WHAT TO PRODUCE
Using the entries below, show all lines with the string "underlined".

Stored data:
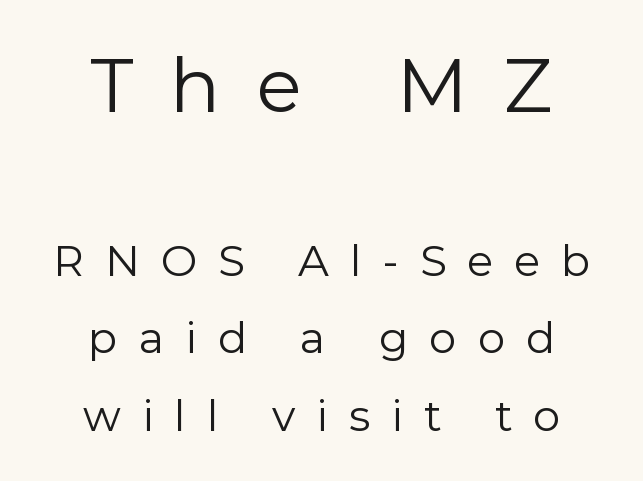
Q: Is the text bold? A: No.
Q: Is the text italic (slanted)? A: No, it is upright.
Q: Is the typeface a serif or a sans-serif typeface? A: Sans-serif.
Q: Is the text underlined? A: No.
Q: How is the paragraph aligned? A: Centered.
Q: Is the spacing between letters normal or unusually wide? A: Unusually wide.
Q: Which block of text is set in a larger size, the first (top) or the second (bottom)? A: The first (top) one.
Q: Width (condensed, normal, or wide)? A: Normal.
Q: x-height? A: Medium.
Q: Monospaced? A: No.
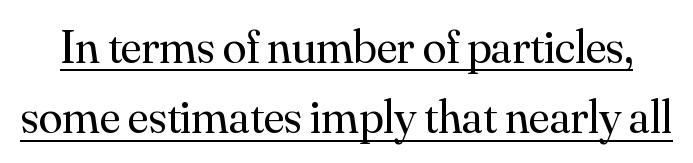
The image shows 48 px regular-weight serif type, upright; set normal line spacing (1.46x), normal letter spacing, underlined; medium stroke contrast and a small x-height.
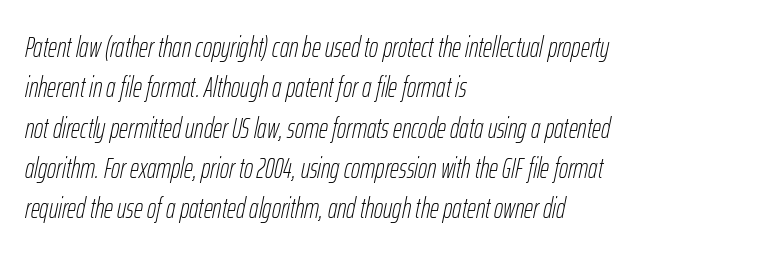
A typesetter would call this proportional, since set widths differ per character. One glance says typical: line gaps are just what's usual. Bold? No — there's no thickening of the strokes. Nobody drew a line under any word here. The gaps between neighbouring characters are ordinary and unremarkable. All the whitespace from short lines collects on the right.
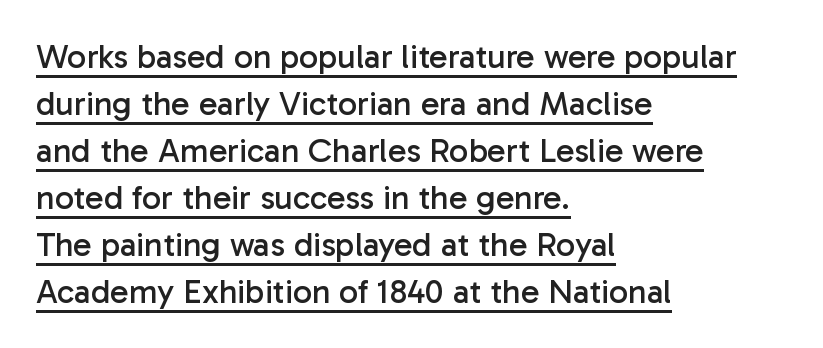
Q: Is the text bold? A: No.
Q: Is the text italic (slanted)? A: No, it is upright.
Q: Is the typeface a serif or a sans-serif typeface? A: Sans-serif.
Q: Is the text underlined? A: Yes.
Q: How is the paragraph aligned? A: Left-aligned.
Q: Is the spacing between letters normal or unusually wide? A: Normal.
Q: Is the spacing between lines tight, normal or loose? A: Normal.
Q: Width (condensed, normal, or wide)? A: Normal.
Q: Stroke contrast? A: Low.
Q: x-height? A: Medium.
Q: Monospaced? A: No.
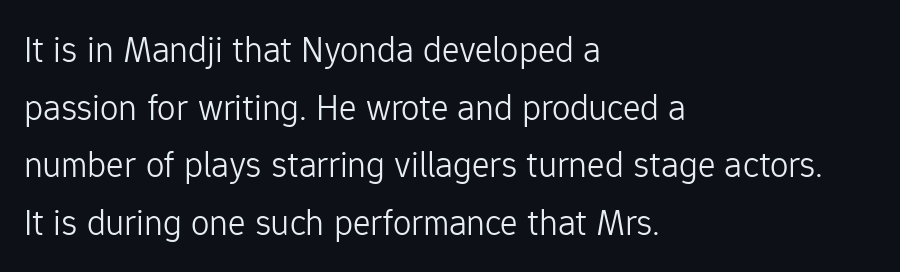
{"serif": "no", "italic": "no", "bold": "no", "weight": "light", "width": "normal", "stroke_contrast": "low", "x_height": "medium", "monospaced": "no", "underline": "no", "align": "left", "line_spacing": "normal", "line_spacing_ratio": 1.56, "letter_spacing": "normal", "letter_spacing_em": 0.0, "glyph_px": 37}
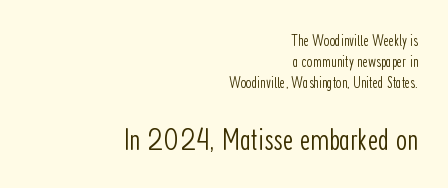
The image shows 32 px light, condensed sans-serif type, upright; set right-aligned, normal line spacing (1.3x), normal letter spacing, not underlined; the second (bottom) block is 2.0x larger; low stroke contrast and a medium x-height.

* * *

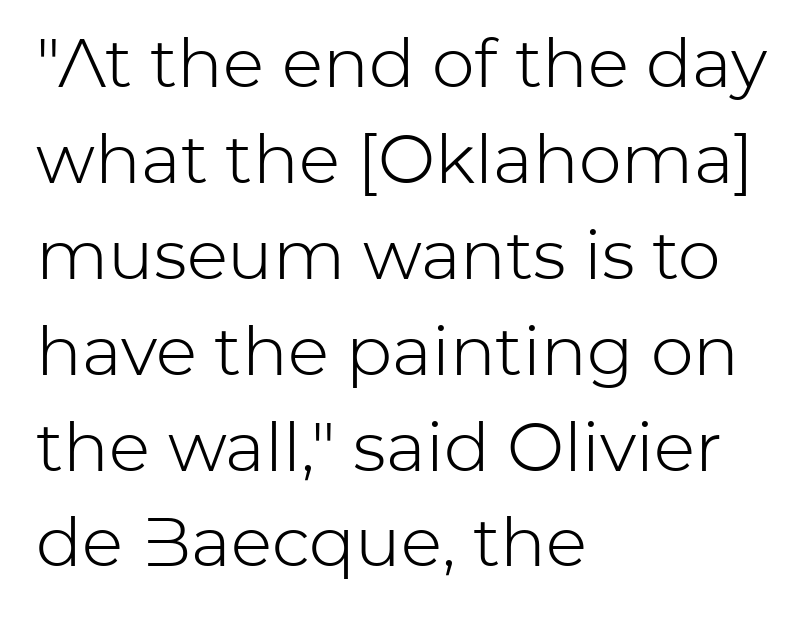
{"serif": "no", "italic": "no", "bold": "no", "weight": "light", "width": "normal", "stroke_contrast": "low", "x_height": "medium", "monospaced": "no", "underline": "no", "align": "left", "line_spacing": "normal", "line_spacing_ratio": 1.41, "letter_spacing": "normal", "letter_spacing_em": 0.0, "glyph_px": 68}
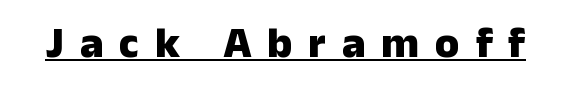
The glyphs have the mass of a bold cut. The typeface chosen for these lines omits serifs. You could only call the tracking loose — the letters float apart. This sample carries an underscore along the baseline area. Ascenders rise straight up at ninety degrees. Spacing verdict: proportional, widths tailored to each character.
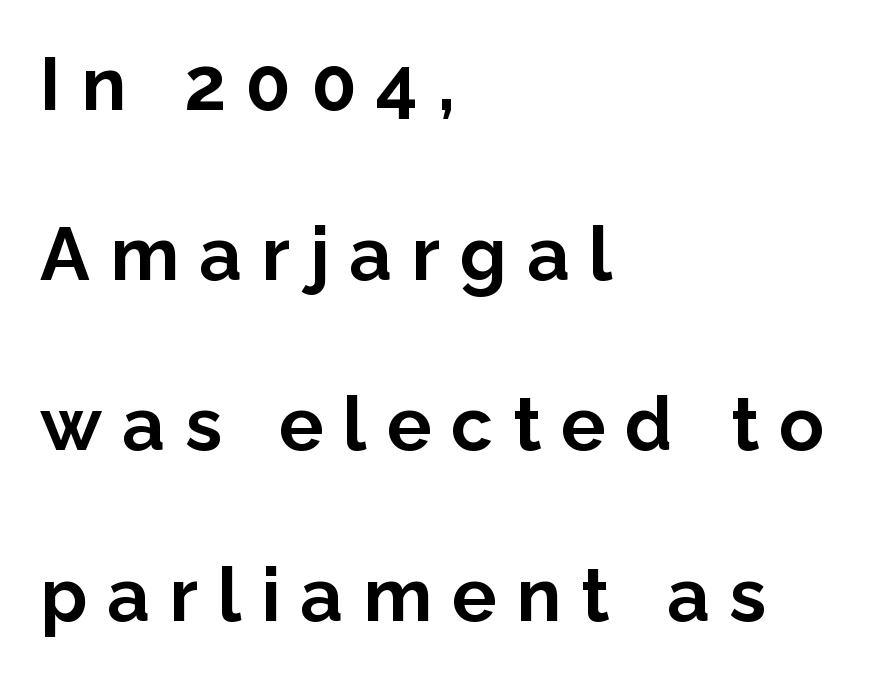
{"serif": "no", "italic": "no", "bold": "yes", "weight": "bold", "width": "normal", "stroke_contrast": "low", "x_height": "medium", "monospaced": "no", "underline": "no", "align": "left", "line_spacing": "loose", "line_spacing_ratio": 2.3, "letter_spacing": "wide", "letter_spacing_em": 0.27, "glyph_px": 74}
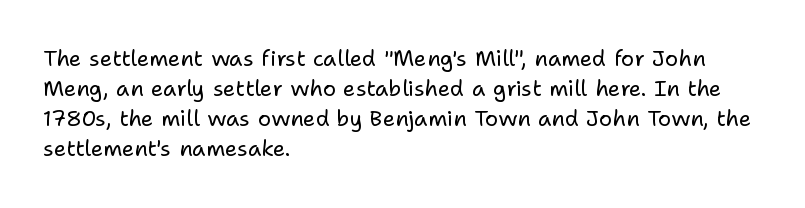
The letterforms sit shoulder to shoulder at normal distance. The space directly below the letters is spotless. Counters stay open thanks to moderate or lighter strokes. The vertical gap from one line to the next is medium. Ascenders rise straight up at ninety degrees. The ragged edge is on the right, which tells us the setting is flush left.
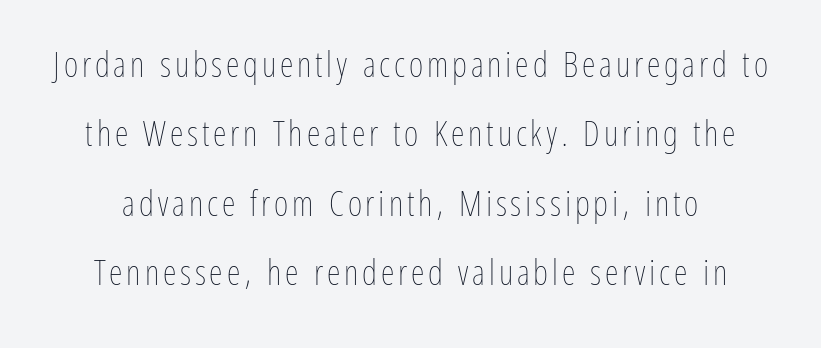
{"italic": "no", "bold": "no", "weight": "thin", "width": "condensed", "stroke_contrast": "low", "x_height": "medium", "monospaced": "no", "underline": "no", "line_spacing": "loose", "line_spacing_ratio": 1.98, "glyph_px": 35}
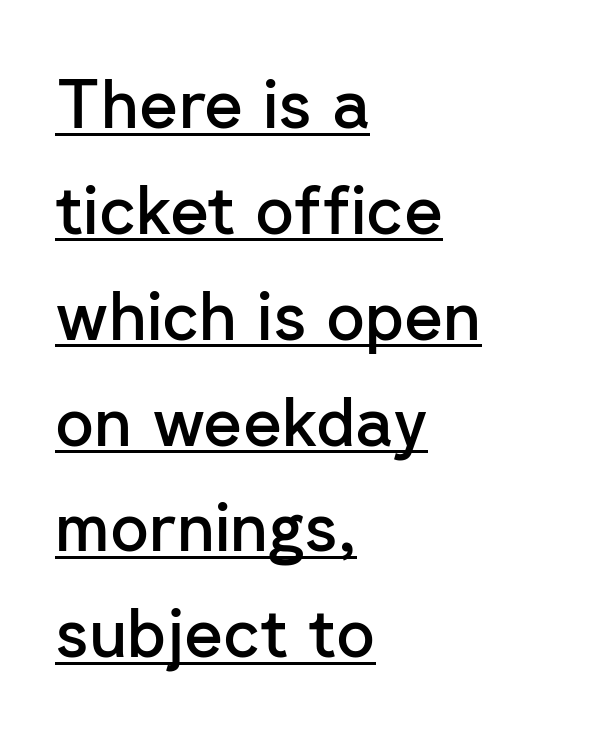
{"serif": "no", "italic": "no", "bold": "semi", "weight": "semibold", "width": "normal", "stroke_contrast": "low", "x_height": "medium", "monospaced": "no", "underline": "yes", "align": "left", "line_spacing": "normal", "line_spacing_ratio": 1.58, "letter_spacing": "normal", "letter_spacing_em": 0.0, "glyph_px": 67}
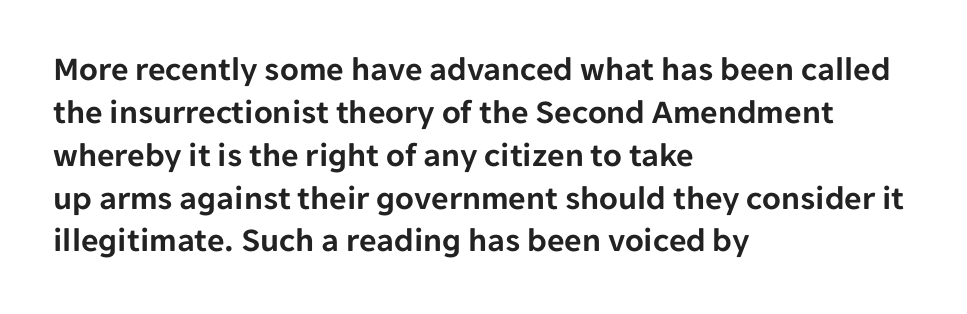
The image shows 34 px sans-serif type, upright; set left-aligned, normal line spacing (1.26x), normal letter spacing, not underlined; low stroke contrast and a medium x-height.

EXPECTED OUTPUT
Q: Is the text underlined? A: No.
The image shows 48 px regular-weight serif type, upright; set normal line spacing (1.46x), normal letter spacing, underlined; medium stroke contrast and a small x-height.
Q: Is the text underlined? A: Yes.
The image shows 32 px light, condensed sans-serif type, upright; set right-aligned, normal line spacing (1.3x), normal letter spacing, not underlined; the second (bottom) block is 2.0x larger; low stroke contrast and a medium x-height.
The image shows 34 px sans-serif type, upright; set left-aligned, normal line spacing (1.26x), normal letter spacing, not underlined; low stroke contrast and a medium x-height.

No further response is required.